• **Task prompt**: Wherever a picture appears in the data below, omit it, and restate everything else word for word.

___ Extracted records ___

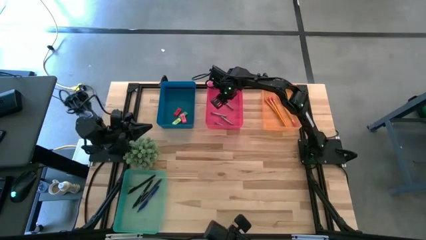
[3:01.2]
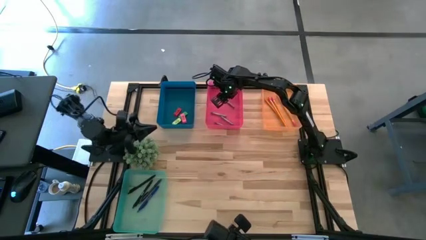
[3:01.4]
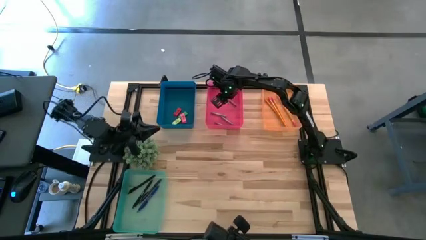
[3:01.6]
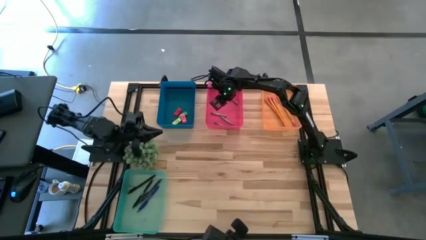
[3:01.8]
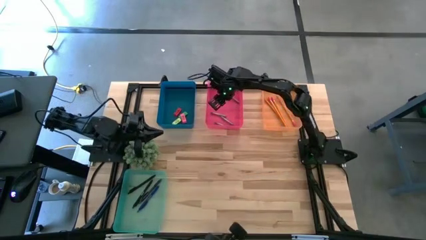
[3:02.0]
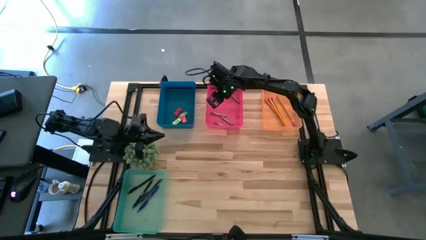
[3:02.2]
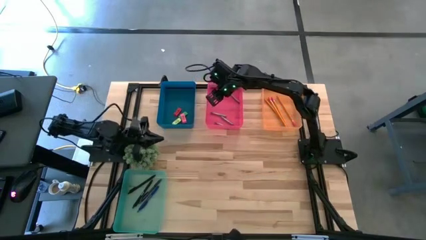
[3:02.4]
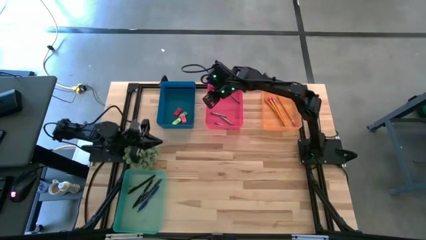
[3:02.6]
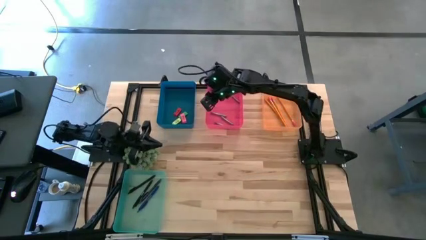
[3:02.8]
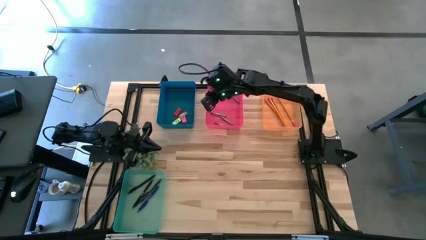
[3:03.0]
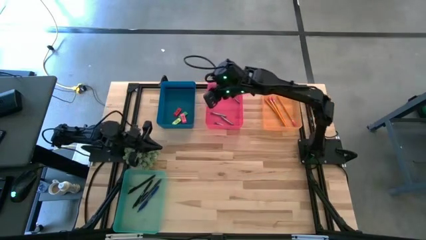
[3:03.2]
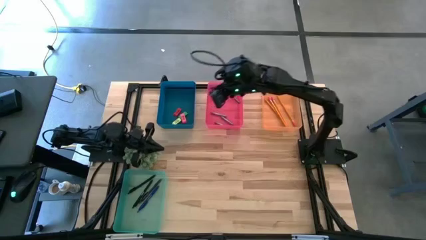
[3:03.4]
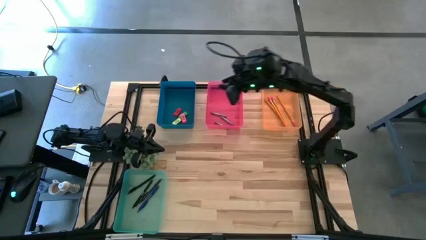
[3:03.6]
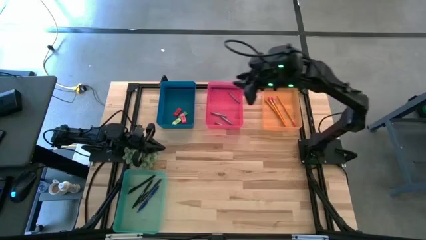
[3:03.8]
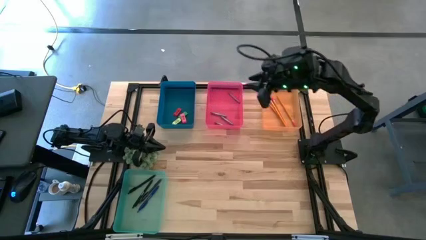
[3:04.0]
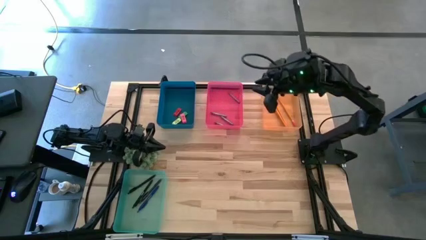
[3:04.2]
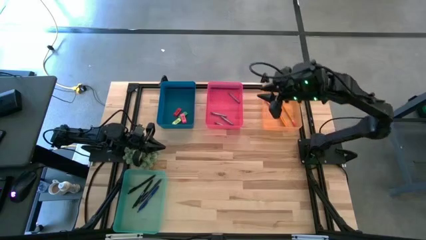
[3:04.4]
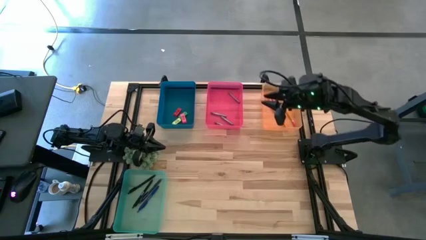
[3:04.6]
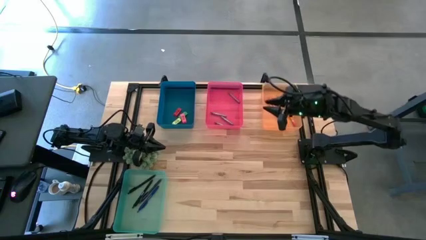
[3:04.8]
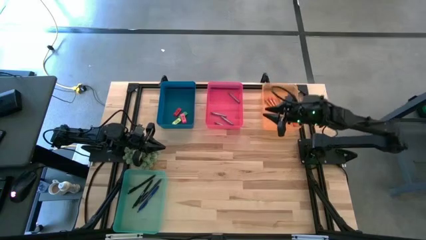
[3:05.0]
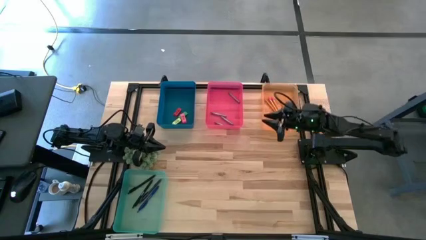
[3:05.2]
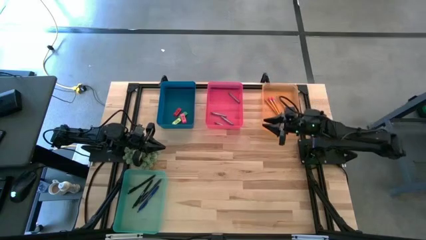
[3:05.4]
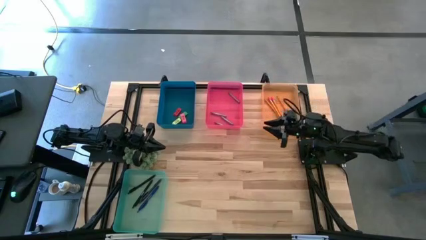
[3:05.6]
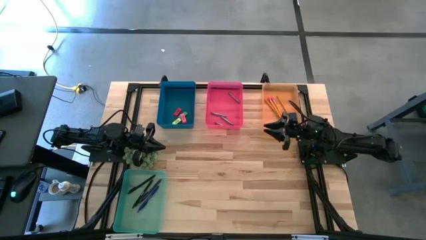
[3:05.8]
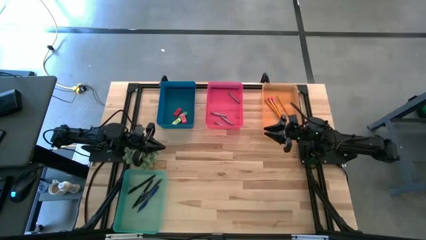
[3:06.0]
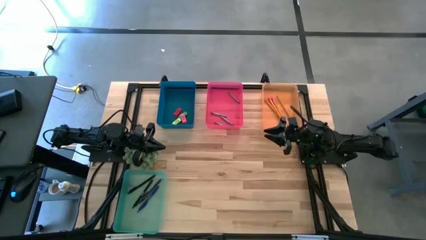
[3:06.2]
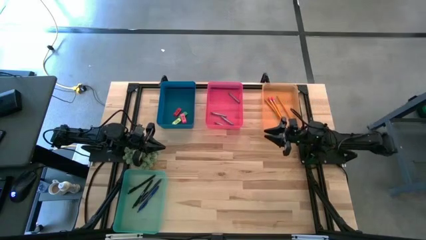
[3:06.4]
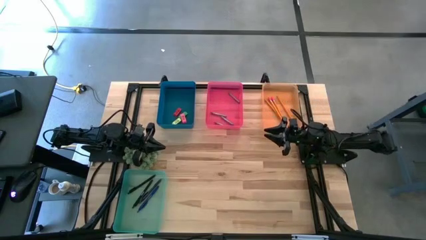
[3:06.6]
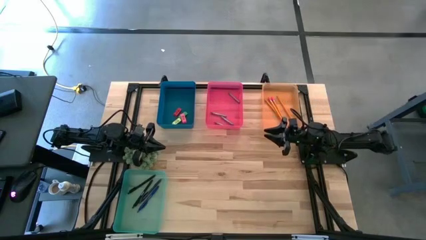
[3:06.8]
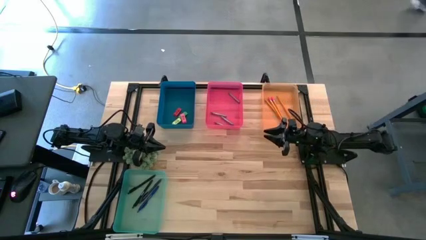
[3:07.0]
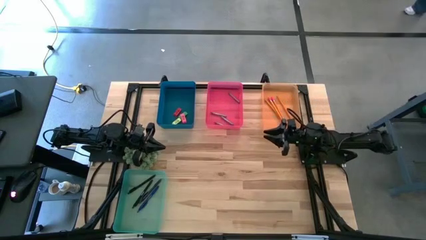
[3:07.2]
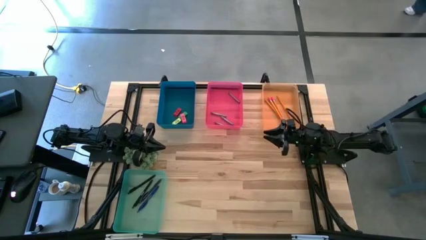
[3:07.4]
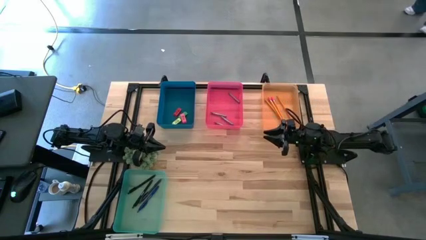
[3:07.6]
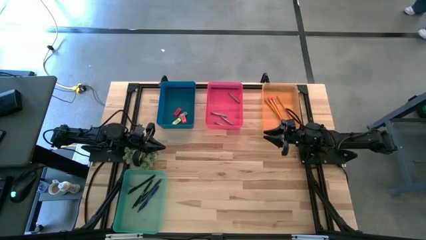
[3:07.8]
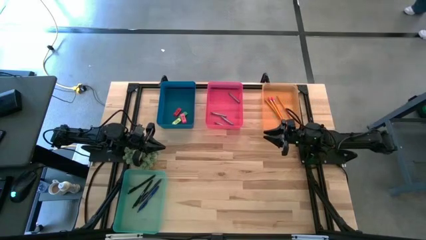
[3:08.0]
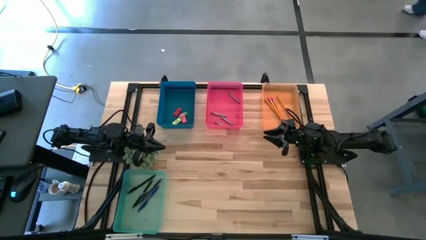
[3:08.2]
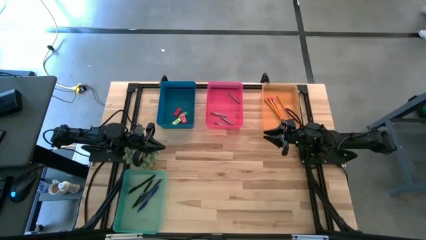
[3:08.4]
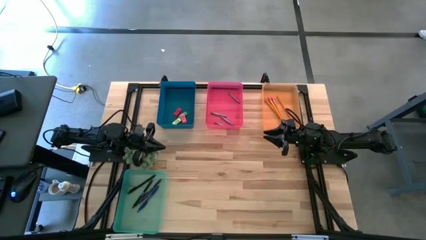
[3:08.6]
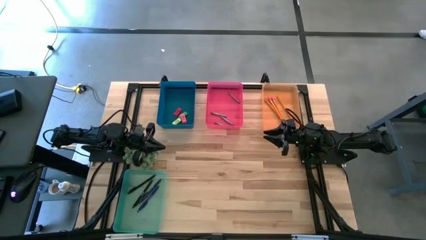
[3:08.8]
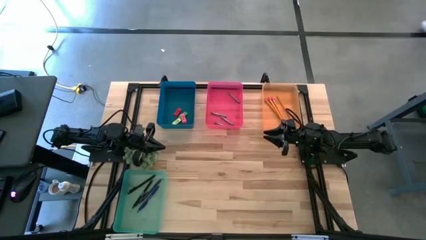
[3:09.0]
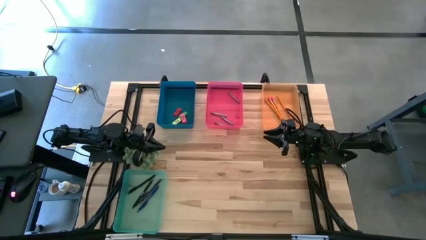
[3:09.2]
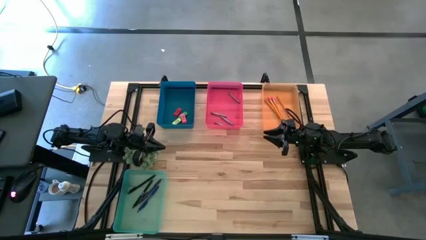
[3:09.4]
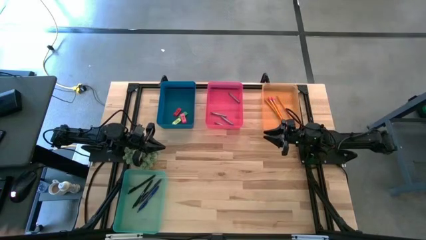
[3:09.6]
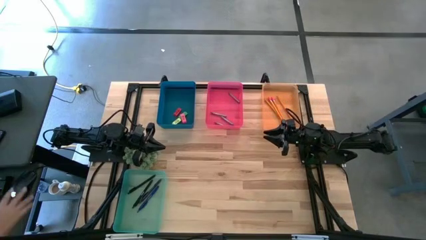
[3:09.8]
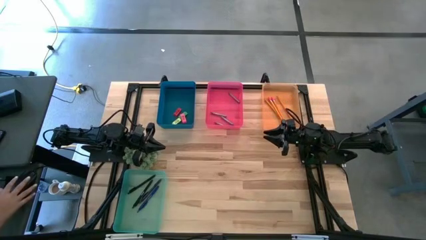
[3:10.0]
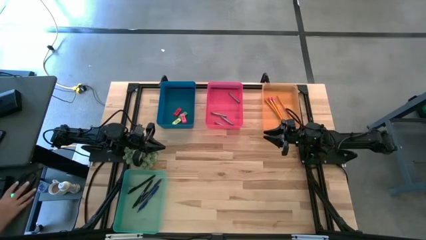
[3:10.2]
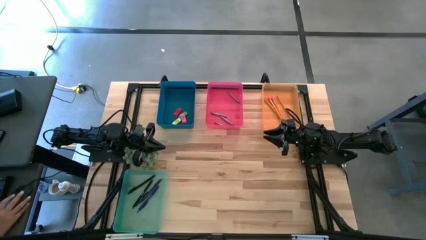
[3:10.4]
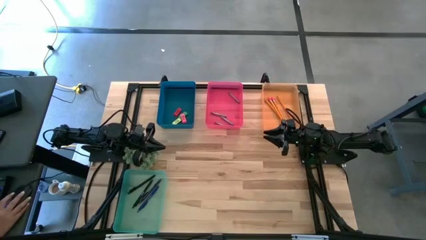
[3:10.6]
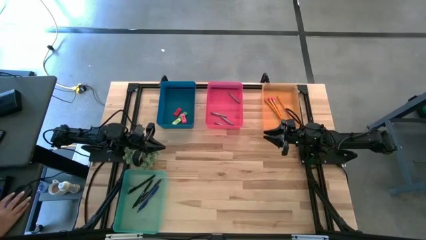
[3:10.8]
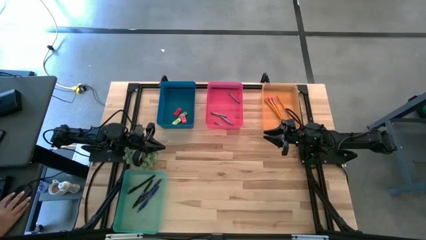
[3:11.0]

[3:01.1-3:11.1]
Task: Sort crayons/erasers/pens/pencils in bins
Return to Home Position

___

• **Result of this task**:
[3:01.2]
[3:01.4]
[3:01.6]
[3:01.8]
[3:02.0]
[3:02.2]
[3:02.4]
[3:02.6]
[3:02.8]
[3:03.0]
[3:03.2]
[3:03.4]
[3:03.6]
[3:03.8]
[3:04.0]
[3:04.2]
[3:04.4]
[3:04.6]
[3:04.8]
[3:05.0]
[3:05.2]
[3:05.4]
[3:05.6]
[3:05.8]
[3:06.0]
[3:06.2]
[3:06.4]
[3:06.6]
[3:06.8]
[3:07.0]
[3:07.2]
[3:07.4]
[3:07.6]
[3:07.8]
[3:08.0]
[3:08.2]
[3:08.4]
[3:08.6]
[3:08.8]
[3:09.0]
[3:09.2]
[3:09.4]
[3:09.6]
[3:09.8]
[3:10.0]
[3:10.2]
[3:10.4]
[3:10.6]
[3:10.8]
[3:11.0]

[3:01.1-3:11.1]
Task: Sort crayons/erasers/pens/pencils in bins
Return to Home Position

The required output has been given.